Beneficial Role of Mast Cell Tryptases in Bacterial Infections
Sepsis is caused by the immune system’s response to a serious infection, most commonly bacteria. Although sepsis is a more serious health problem in the underdeveloped world, those who had to take penicillin or another antibiotic to prevent them from developing sepsis are keenly aware of the importance of our ability to combat even common bacterial strains like E. coli. The role of the MC’s tetramer-forming tryptases in pathogen defense has been reviewed (McNeil et al., J. Biol. Chem. 2007;282:20785) (view McNeil et al.). In 1996, two groups noted that MC‑deficient W/Wv mice cannot combat bacterial infections of their lungs and peritoneal cavity effectively. Neutrophils are the primary cells in the body that kill bacteria. W/Wv mice have fewer numbers of neutrophils in their circulation relative to WT mice. Nevertheless, their diminished ability to combat bacteria was found to be a consequence of fewer MCs rather than fewer neutrophils because the adoptive transfer of mMCP-6+ mouse bone marrow-derived MCs into these mice could rescue their anti-bacteria deficiency. While it was initially concluded in those 1996 studies that widely expressed tumor necrosis factor-α was the key MC-derived factor needed to control bacterial infections, that conclusion was subsequently shown to be incorrect. It therefore became apparent that the relevant anti-bacteria factors had to be more restricted to MCs.
In 1990, we showed that the MCs in the peritoneal cavity contain substantial amounts of mMCP-6 (Reynolds et al., Proc. Natl. Acad. Sci. USA 1990;87:3230) (view Reynolds et al.). In order to evaluate the biologic significance of that finding, we generated recombinant mMCP-6 and its human ortholog hTryptase-β.The administration of just 0.3 nmol of purified recombinant mMCP‑6 (Huang et al., J. Immunol. 1998;160:1910) (view Huang et al.) or hTryptase‑β (Huang et al., J. Biol. Chem. 2001;276:26276) (view Huang et al.) into the peritoneal cavities or lungs of WT or W/Wv mice resulted in a pronounced local neutrophilia. We then showed that we could increase the ability of W/Wv mice to combat a K. pneumoniae infection of their peritoneal cavity if these MC‑deficient mice were given recombinant tryptase twenty four hours before they were infected.
Fig. 4. Survival of WT (+/+), mMCP-6-null (-/-), and heterozygotes (+/-) mice after infection with K. pneumoniae. Whether the three populations of mice were given 1,000 or 10,000 bacteria, fewer mMC-6-null mice could survive the infection sixty hours later (from Thakurdas et al., J. Biol. Chem. 2007;282:20809).

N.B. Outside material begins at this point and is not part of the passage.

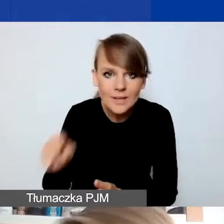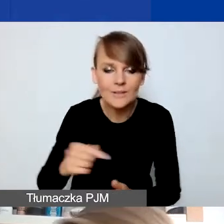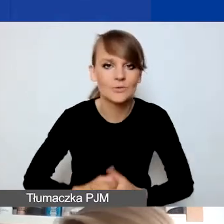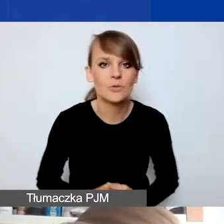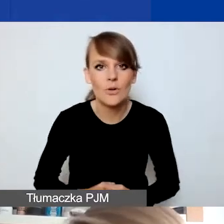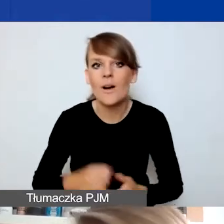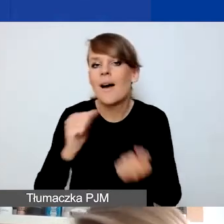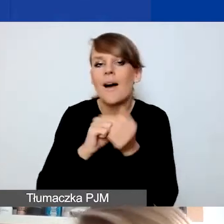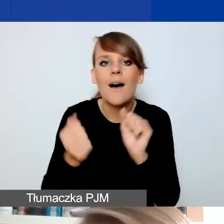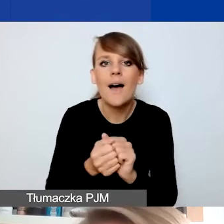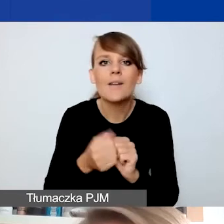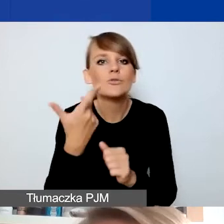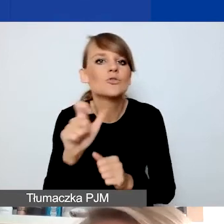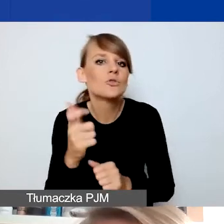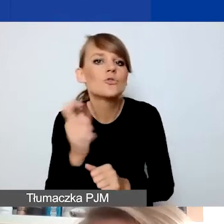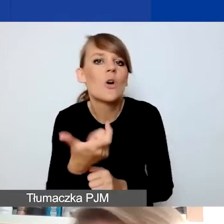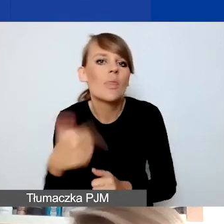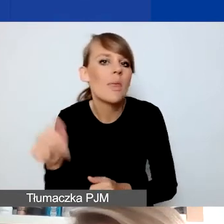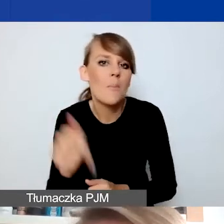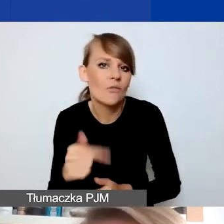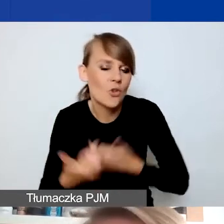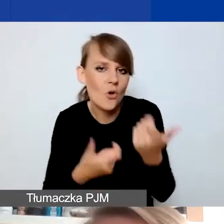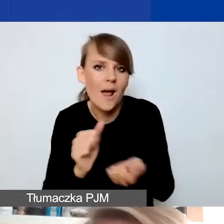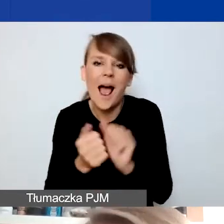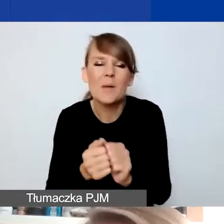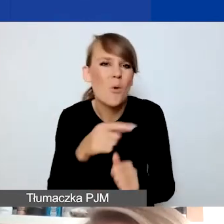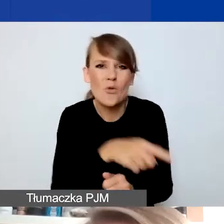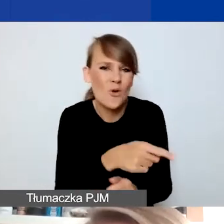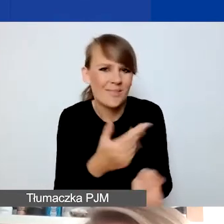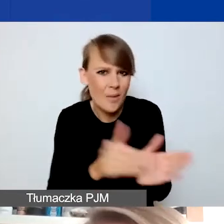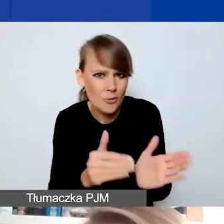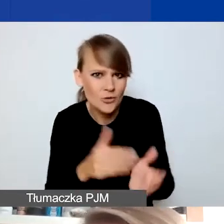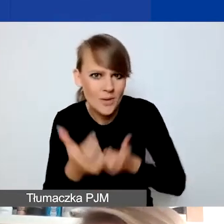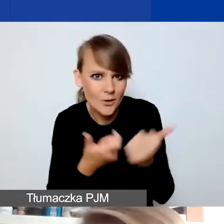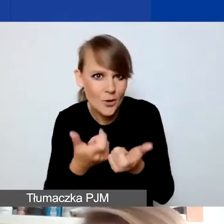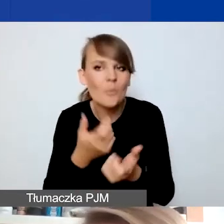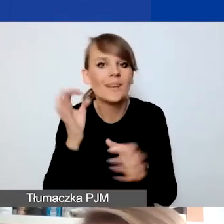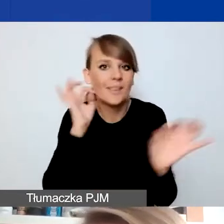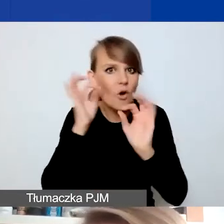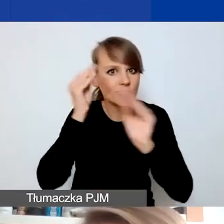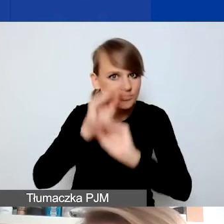a czego nie powinny robić czy nie muszą. Tak że tutaj takie zmiany.

The importance of the MC’s tetramer-forming tryptases in bacterial infections was conclusively shown in 2007 when my coworkers and I generated a transgenic mouse line that could not express either mMCP-6 or mMCP-7 (Thakurdas et al., J. Biol. Chem. 2007;282:20809) (view Thakurdas et al). As shown in that study and Figure 4, these tryptase-null mice quickly died when their lungs were infected with K. pneumonia. The presence of increased numbers of the pathogen in their blood documented that these tryptase-null mice were experiencing sepsis due to an inability to rapidly recruit neutrophils into their infected peritoneal cavity (see Figure 5).
Fig. 5. Neutrophil recruitment (A) and bacterial load (B) during K. pneumoniae infection of WT (+/+) and mMCP-6-null (-/-) mice. Neutrophils are the primary cells in the body that kill bacteria. Since bacteria double ~20 min it is imperative that neutrophils are quickly recruited from the blood to the site of bacterial infection. Because the tetramer-forming tryptase mMCP-6 is needed to induce the rapid accumulation of neutrophils into the infection site (A), sepsis is more pronounced in mMCP-6-null mice (B) (from Thakurdas et al., J. Biol. Chem. 2007;282:20809).
Others showed that the expression of the mMCP-6 gene was highly dependent on microphthalmia-associated transcription factor (MITF). In support of our data, MITF-null mice also had a diminished ability to combat bacteria.
Because exposure of cultured human endothelial cells to mature mMCP-6 or hTryptase β (but not their inactive zymogens) resulted in a substantial increase in the levels of interleukin 8 mRNA and protein, the accumulated data suggested that enzymatically active mMCP-6 and hTryptase-β play beneficial indirect roles in bacterial infections by inducing bystander cells in inflammatory sites to release substantial amounts of neutrophil-specific chemotactic factors that ultimately induce the extravasation of these bactericidal granulocytes into the site to control the infection.